James Kirsh, president of a family-owned foundry in Wisconsin, is bracing for a significant spike in property and casualty insurance costs for his business. As his current insurer, Acuity, withdraws from covering factories like his, which deal with molten metal, Kirsh faces the challenge of piecing together more expensive coverage from multiple providers. “It’s a mess for the whole industry,” Kirsh remarked.
The surge in insurance costs is not unique to Kirsh’s foundry. Across the U.S., the cost of insuring everything from homes to vehicles has been rising due to factors like increased repair costs and climate change-related damages. Auto insurance, for example, has seen its steepest increases since the 1970s, contributing to the inflationary pressures that the Federal Reserve has been battling.

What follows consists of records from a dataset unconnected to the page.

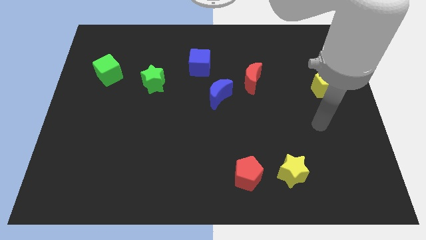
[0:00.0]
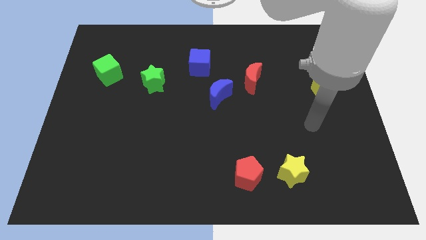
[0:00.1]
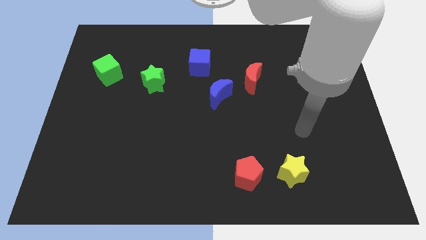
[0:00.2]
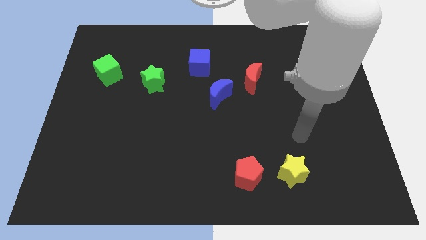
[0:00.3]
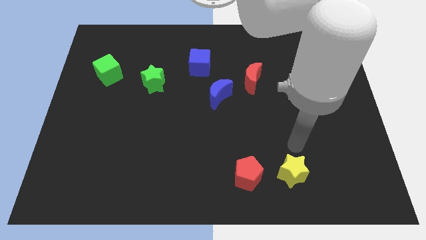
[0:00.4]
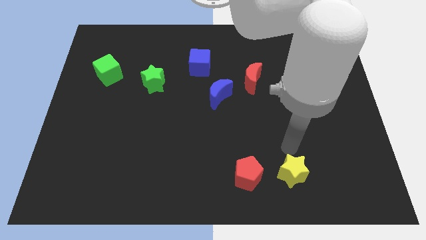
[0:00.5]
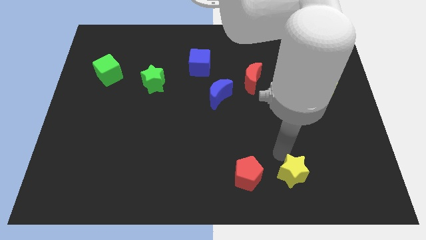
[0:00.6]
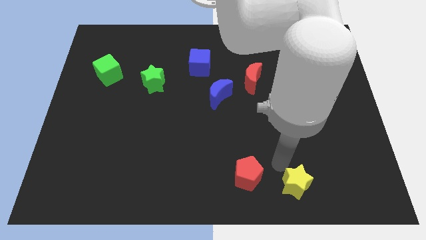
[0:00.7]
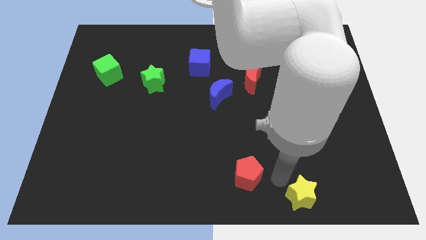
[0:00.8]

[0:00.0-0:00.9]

Manufacturers, particularly those handling hazardous materials or operating heavy machinery, have long faced high insurance premiums. However, smaller manufacturers, viewed as higher risk by insurers, are now feeling the pinch more than ever. Larger companies often have the resources to mitigate risks through safety measures, but smaller operations like Kirsh’s are left vulnerable to escalating costs.
The situation is especially dire for foundries and other metalcasters, a $50 billion industry that produces essential components for various products. “It wasn’t long ago that health insurance went through the roof,” said Doug Kurkul, CEO of the American Foundry Society. “But now that’s been eclipsed by property and casualty insurance.”

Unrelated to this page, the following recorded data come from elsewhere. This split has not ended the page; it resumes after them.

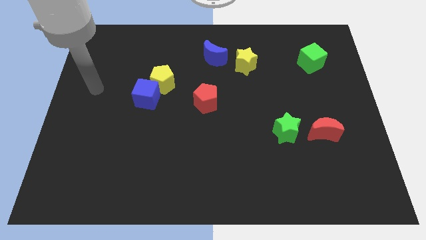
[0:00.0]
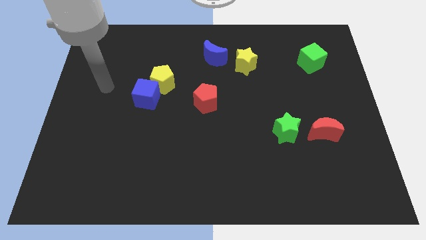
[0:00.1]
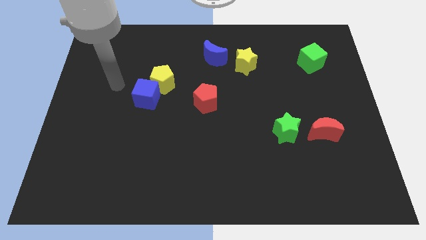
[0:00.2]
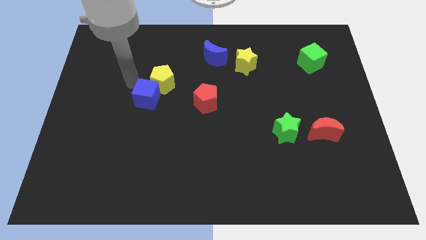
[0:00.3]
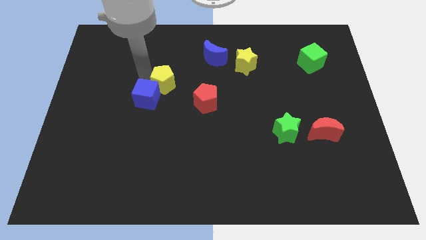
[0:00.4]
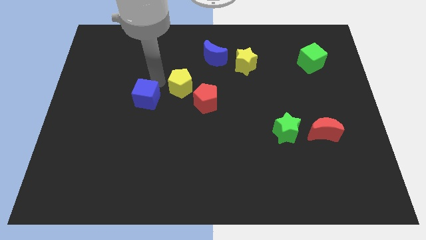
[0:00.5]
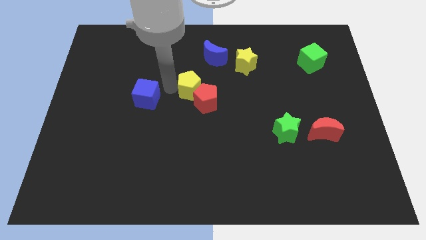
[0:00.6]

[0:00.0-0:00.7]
pull the blue cube apart from the yellow pentagon

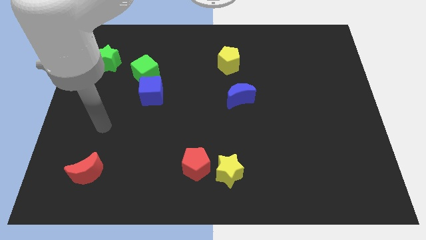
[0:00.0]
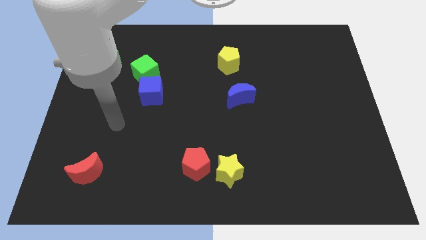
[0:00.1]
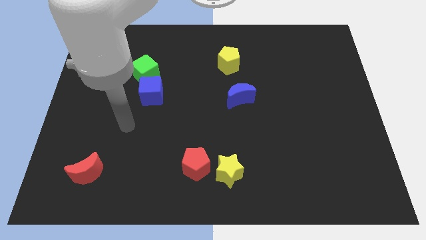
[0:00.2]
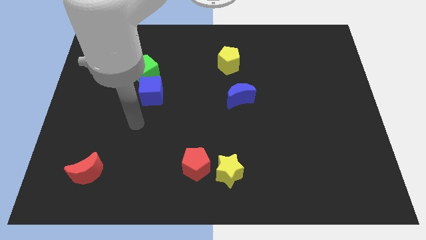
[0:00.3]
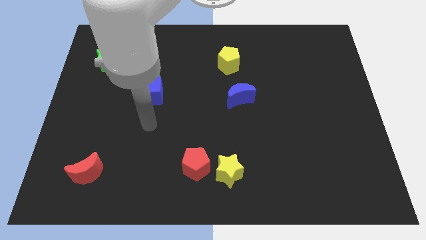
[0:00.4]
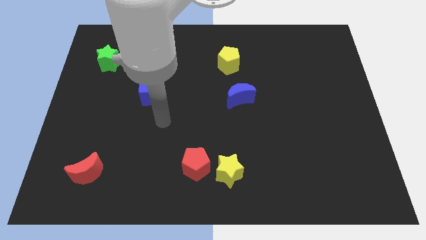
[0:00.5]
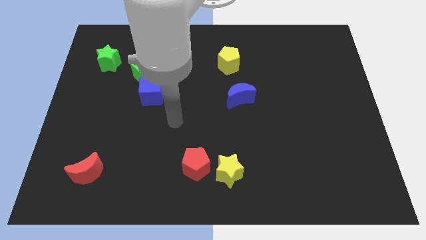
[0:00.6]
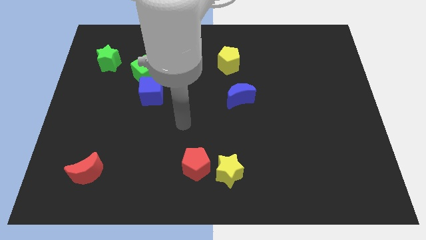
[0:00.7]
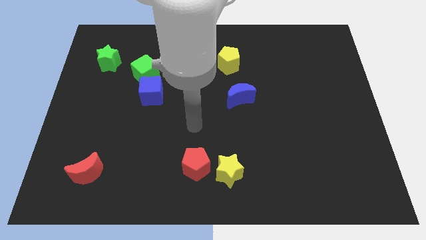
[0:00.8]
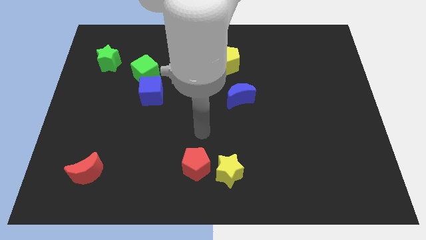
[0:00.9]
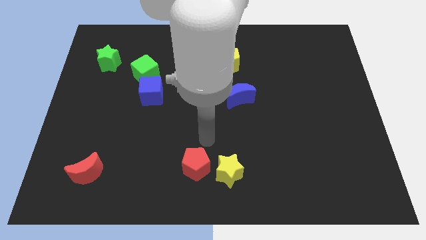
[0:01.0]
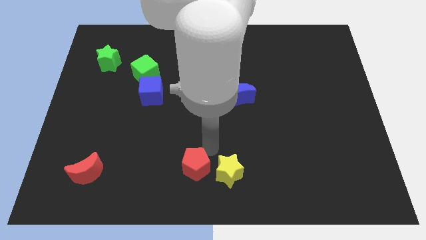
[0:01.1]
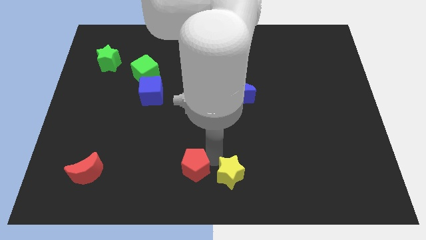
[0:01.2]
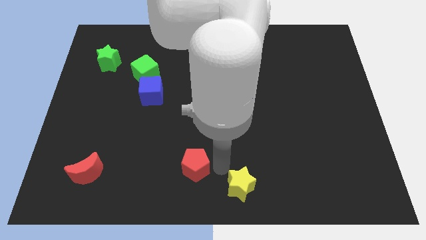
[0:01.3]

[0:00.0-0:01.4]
pull the red pentagon apart from the yellow star

Since early 2022, commercial insurance rates have risen around 12%, nearly triple the rate of increase seen in the decade before the pandemic. In some regions, rates have spiked as much as 10% in the second quarter of 2024 alone, according to Loretta Worters of the Insurance Information Institute. Rising construction costs, inflation, and severe weather are among the key drivers of these increases.
Insurance broker Kate Hensley, who specializes in metalcasting companies, noted that industries with high risks of total loss, such as foundries, chemicals, and plastics, are facing intense scrutiny from insurers. Many large insurers have pulled out entirely, leaving fewer options for manufacturers. “They say it doesn’t matter how many safety provisions are put in place, how good they are – they say, ‘We won’t handle them,'” Hensley explained.

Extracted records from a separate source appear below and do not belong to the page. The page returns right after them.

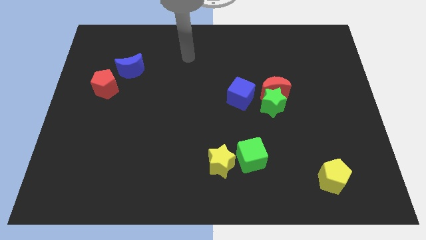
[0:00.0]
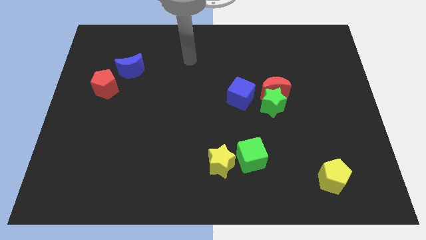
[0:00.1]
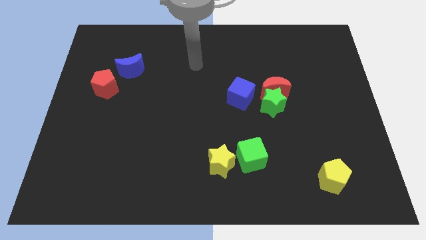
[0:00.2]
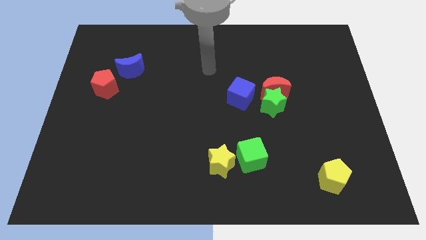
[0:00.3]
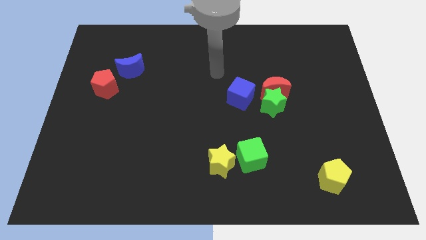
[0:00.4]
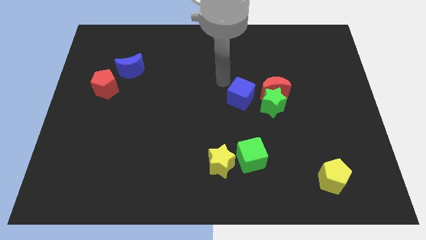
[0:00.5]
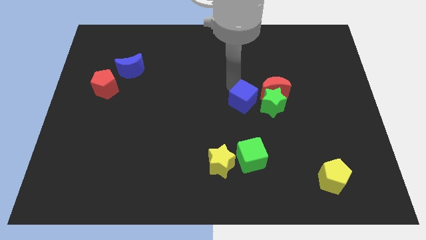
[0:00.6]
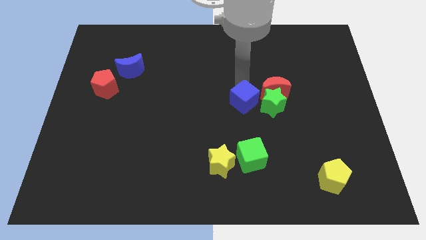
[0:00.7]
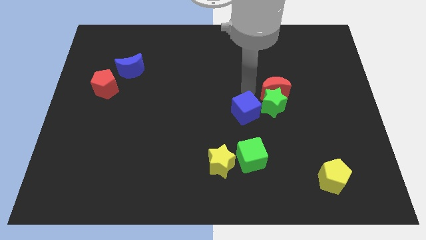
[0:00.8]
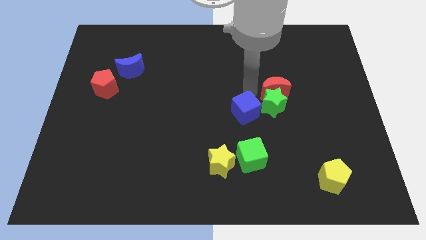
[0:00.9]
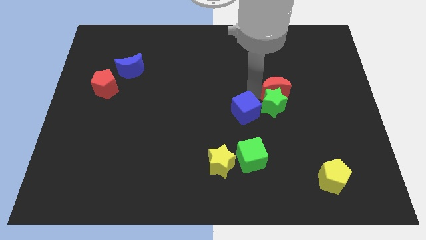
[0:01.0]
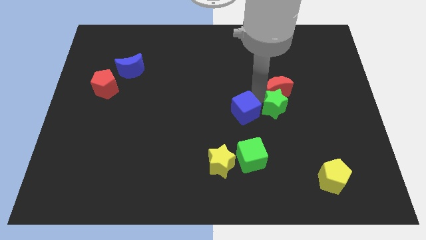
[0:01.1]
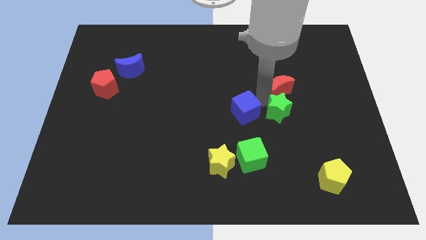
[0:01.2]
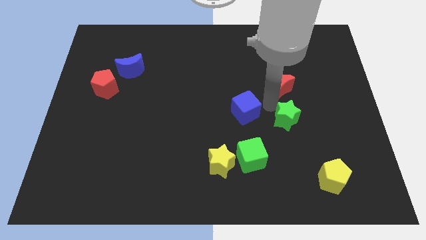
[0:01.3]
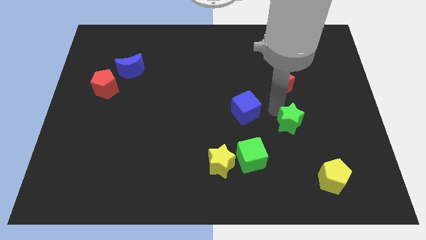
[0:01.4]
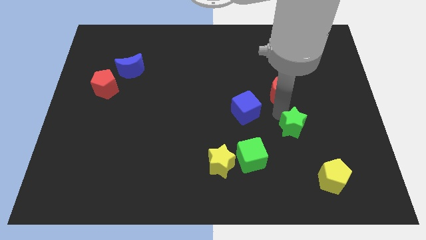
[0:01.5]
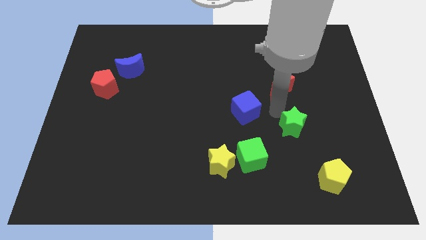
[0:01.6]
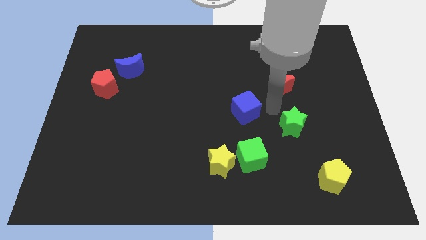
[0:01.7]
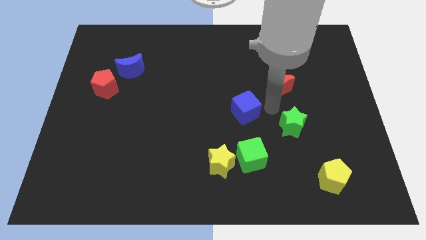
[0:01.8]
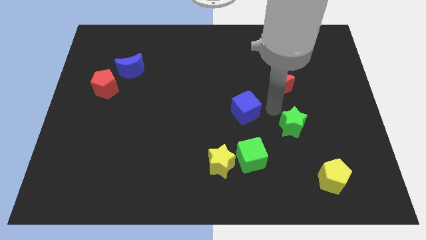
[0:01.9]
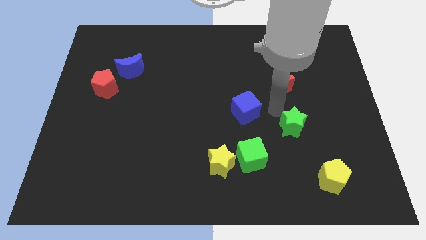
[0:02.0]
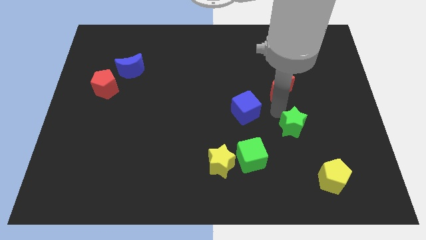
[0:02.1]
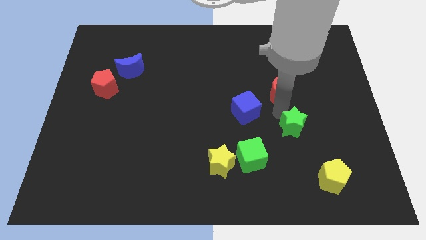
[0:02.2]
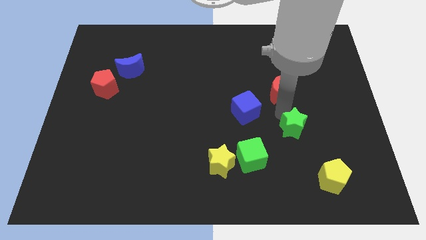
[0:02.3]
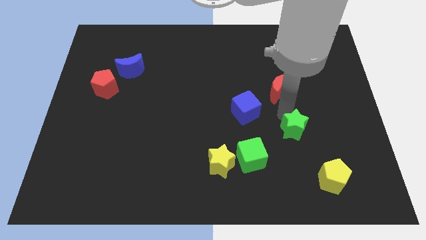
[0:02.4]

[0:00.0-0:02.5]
separate the green star from the red moon and blue cube

Other manufacturers, like Gent Machine Co. in Cleveland, have managed to keep their insurers but at significantly higher costs. The company has seen its insurance premiums jump by nearly 28% between 2022 and 2023. “The feedback I got was that our current carrier knows we have a good deal – that’s why they’re raising the price, because what are you going to do, go uninsured?” said Rich Gent, the company’s vice president.
At Kirsh Foundry in Beaver Dam, Wisconsin, the challenge now is determining how much of the increased insurance cost can be passed on to customers. With pressure to keep prices down, Kirsh is considering reducing coverage, as the likelihood of a total factory loss is minimal. “This is something that’s going to be a hard conversation with our customers,” he acknowledged.